▼▼▼

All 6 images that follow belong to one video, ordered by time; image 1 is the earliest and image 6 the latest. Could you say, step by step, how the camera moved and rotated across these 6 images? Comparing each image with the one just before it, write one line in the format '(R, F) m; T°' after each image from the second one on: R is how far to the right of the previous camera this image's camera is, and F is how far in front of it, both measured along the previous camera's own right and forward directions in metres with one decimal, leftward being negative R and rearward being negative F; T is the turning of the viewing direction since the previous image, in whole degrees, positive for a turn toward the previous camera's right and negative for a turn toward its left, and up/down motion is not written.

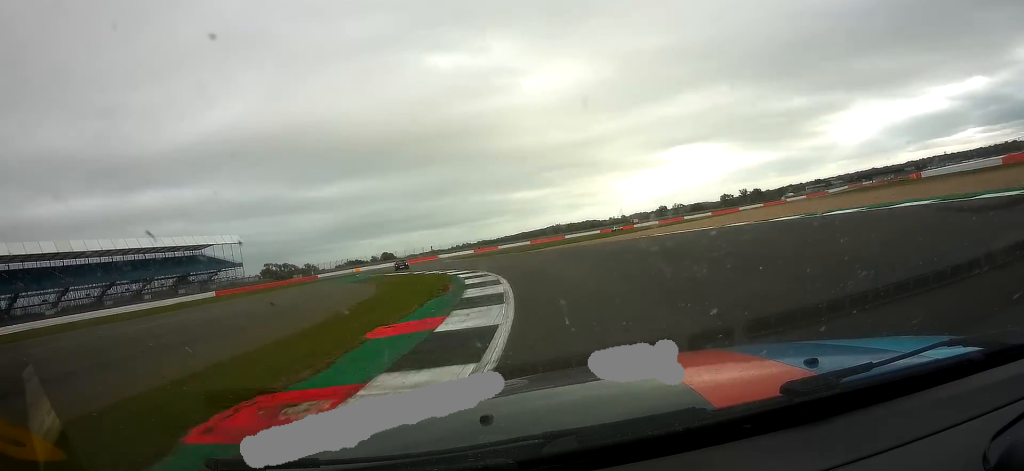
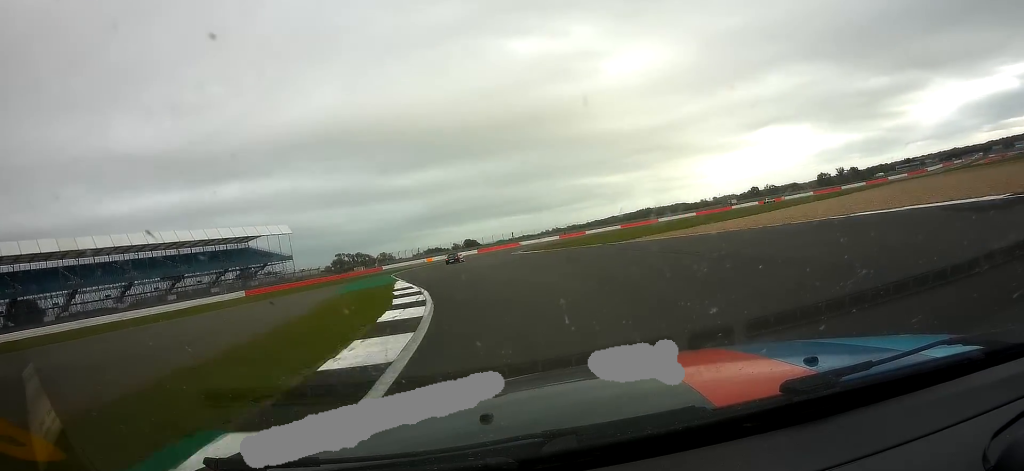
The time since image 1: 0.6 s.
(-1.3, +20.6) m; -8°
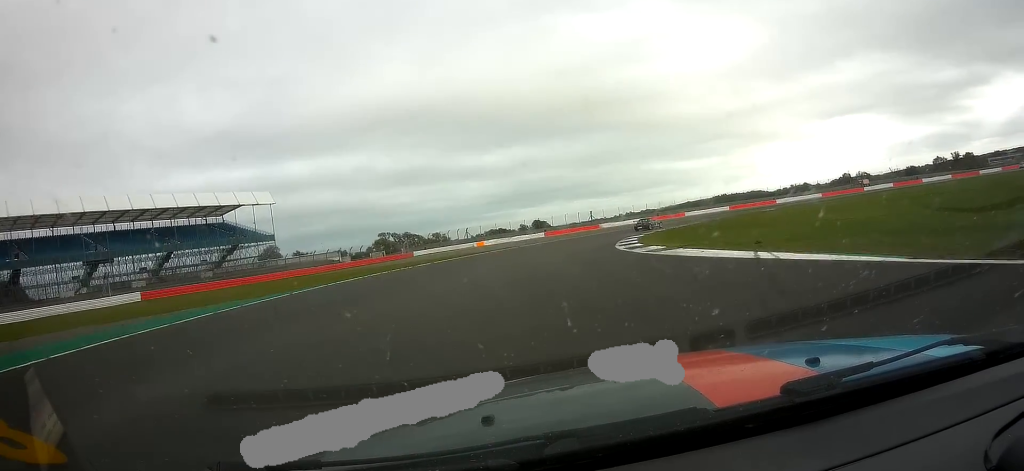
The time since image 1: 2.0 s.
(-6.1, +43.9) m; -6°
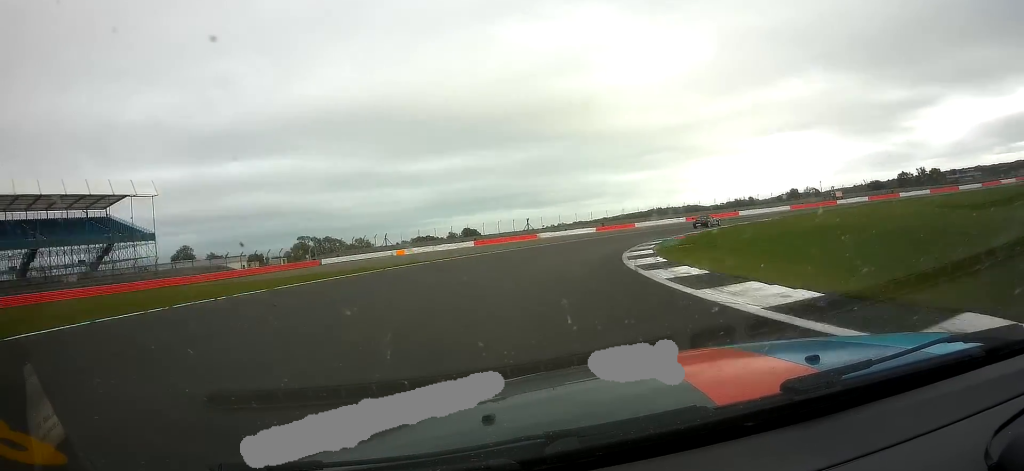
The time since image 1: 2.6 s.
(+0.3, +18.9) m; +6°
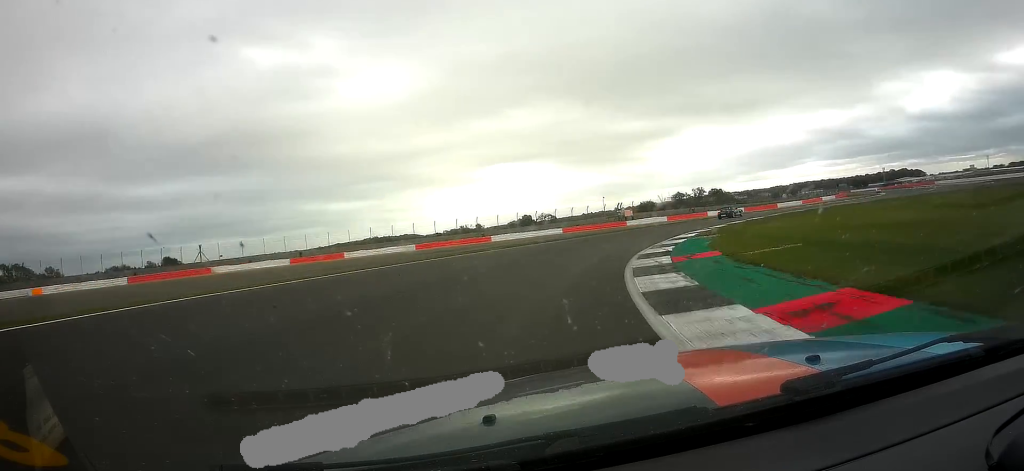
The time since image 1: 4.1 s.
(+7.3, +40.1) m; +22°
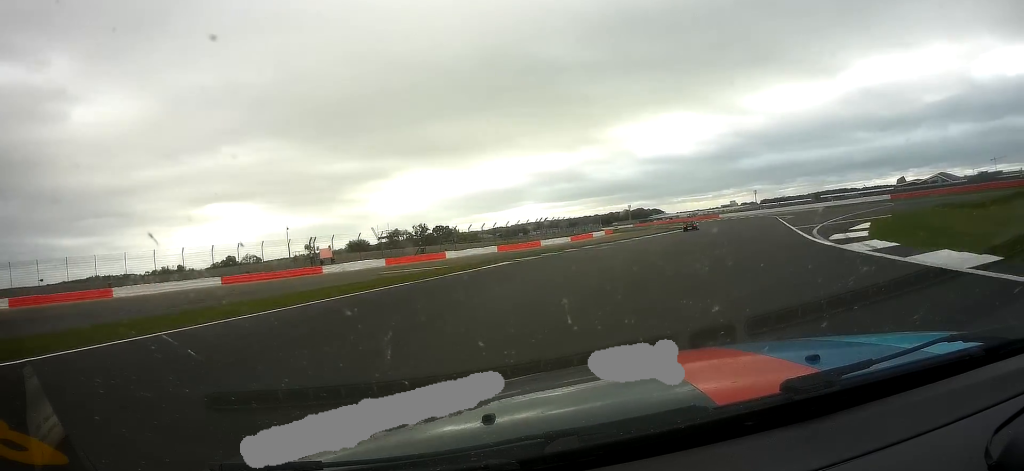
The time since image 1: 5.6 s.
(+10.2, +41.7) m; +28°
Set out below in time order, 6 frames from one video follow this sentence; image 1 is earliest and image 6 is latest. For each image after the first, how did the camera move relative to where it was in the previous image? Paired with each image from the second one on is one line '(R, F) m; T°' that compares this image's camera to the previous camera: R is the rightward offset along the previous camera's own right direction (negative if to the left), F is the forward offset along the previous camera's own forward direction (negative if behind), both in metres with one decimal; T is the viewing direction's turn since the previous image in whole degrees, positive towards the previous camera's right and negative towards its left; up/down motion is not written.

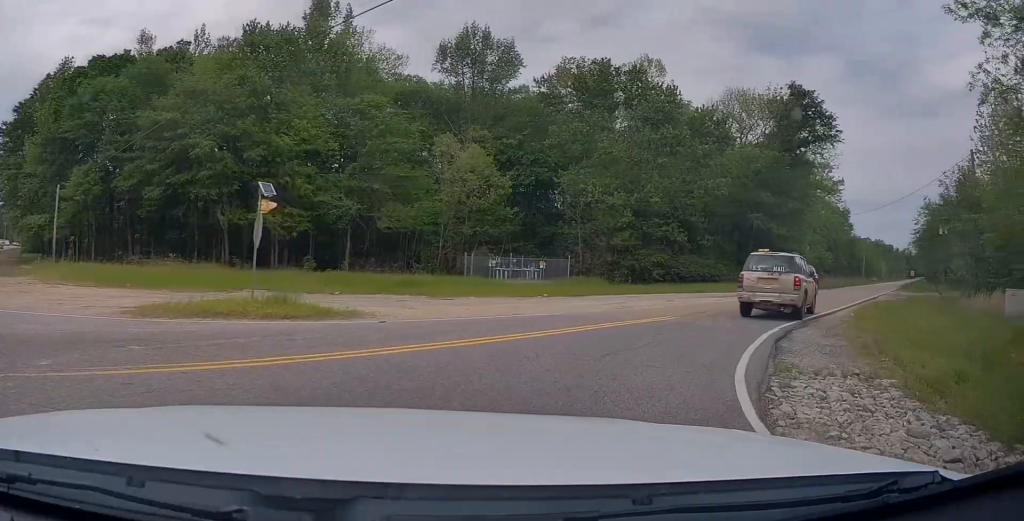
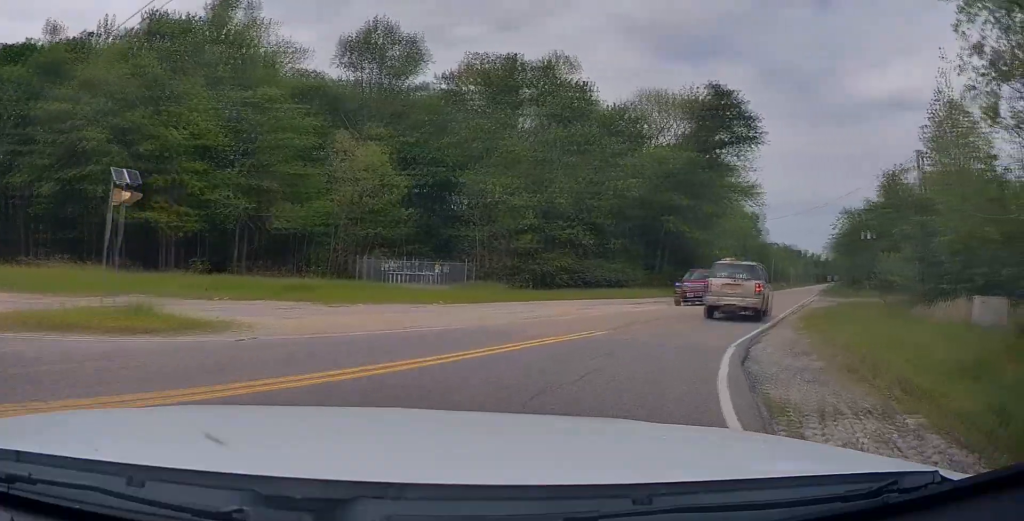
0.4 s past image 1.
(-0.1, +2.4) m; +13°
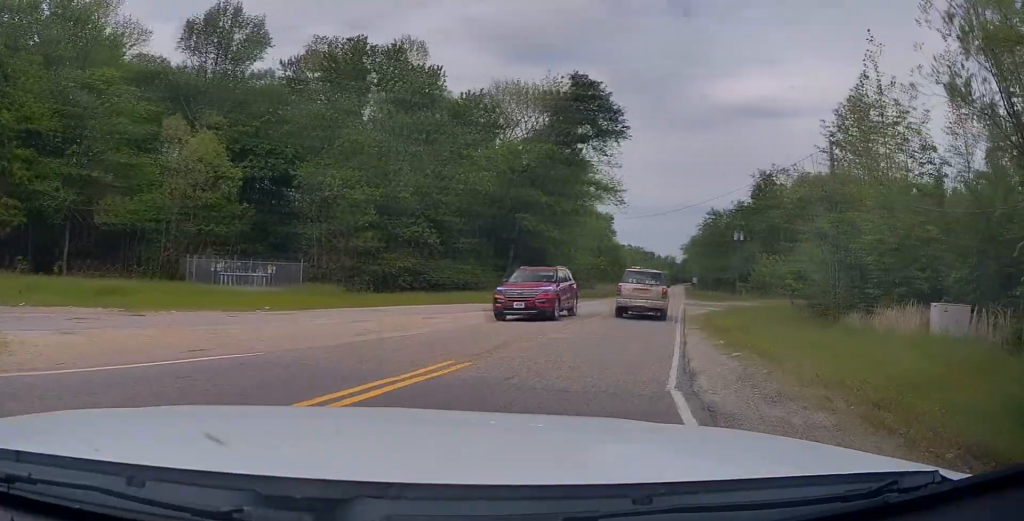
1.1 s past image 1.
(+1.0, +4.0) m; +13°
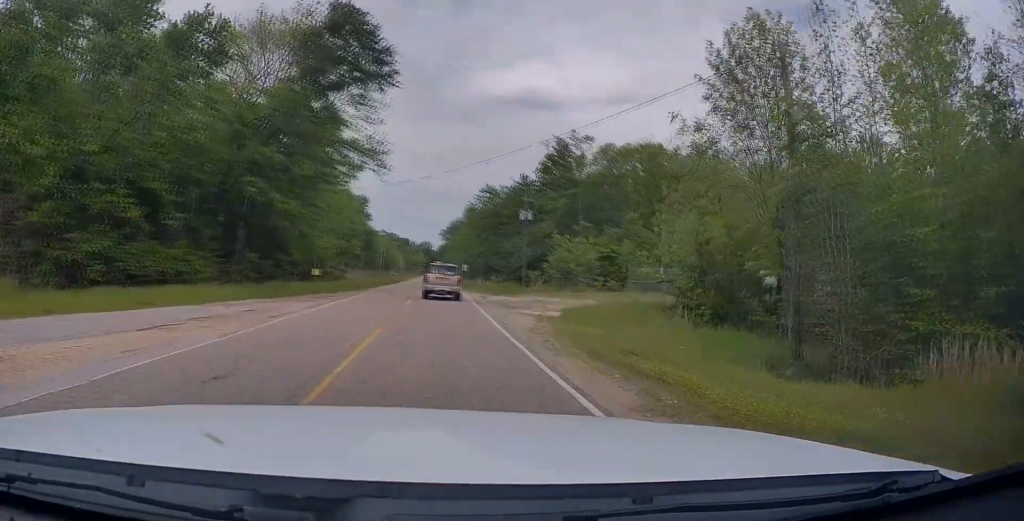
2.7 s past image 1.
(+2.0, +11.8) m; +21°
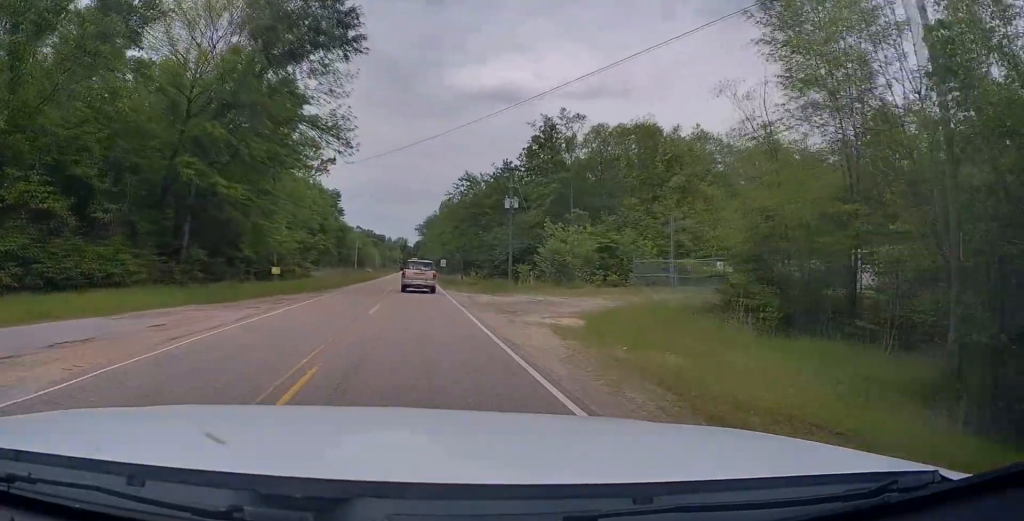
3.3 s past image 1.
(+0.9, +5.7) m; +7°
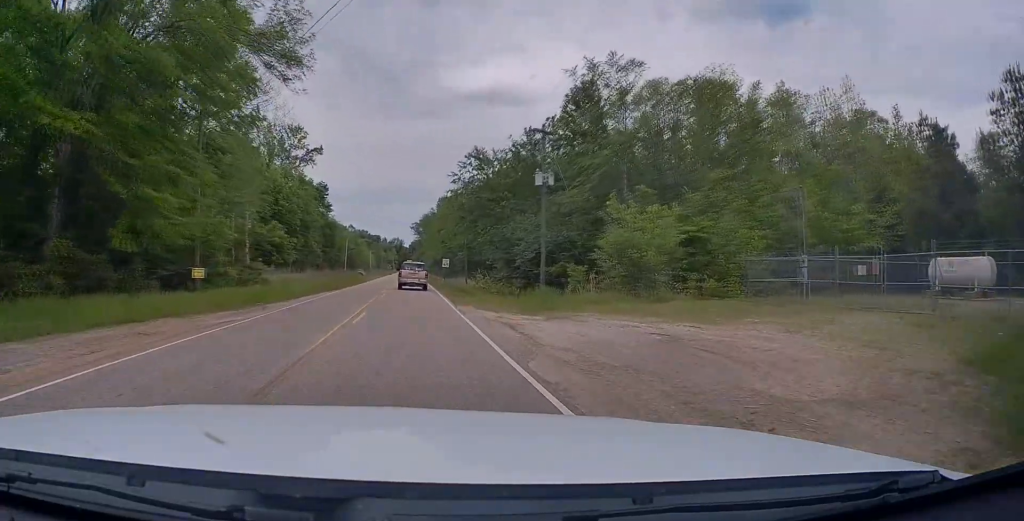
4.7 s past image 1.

▲▲▲

Exercise aim.
Copy every record exactly, but skip the pictures.

Worked solution.
All 6 images that follow belong to one video, ordered by time; image 1 is the earliest and image 6 the latest. Could you say, step by step, how the camera moved and rotated across these 6 images? Comparing each image with the one just before it, write one line in the format '(R, F) m; T°' after each image from the second one on: R is how far to the right of the previous camera this image's camera is, and F is how far in front of it, both measured along the previous camera's own right and forward directions in metres with one decimal, leftward being negative R and rearward being negative F; T is the turning of the viewing direction since the previous image, in whole degrees, positive for a turn toward the previous camera's right and negative for a turn toward its left, and up/down motion is not written.

The time since image 1: 0.6 s.
(-1.3, +20.6) m; -8°
The time since image 1: 2.0 s.
(-6.1, +43.9) m; -6°
The time since image 1: 2.6 s.
(+0.3, +18.9) m; +6°
The time since image 1: 4.1 s.
(+7.3, +40.1) m; +22°
The time since image 1: 5.6 s.
(+10.2, +41.7) m; +28°
Set out below in time order, 6 frames from one video follow this sentence; image 1 is earliest and image 6 is latest. For each image after the first, how did the camera move relative to where it was in the previous image? Paired with each image from the second one on is one line '(R, F) m; T°' that compares this image's camera to the previous camera: R is the rightward offset along the previous camera's own right direction (negative if to the left), F is the forward offset along the previous camera's own forward direction (negative if behind), both in metres with one decimal; T is the viewing direction's turn since the previous image in whole degrees, positive towards the previous camera's right and negative towards its left; up/down motion is not written.

0.4 s past image 1.
(-0.1, +2.4) m; +13°
1.1 s past image 1.
(+1.0, +4.0) m; +13°
2.7 s past image 1.
(+2.0, +11.8) m; +21°
3.3 s past image 1.
(+0.9, +5.7) m; +7°
4.7 s past image 1.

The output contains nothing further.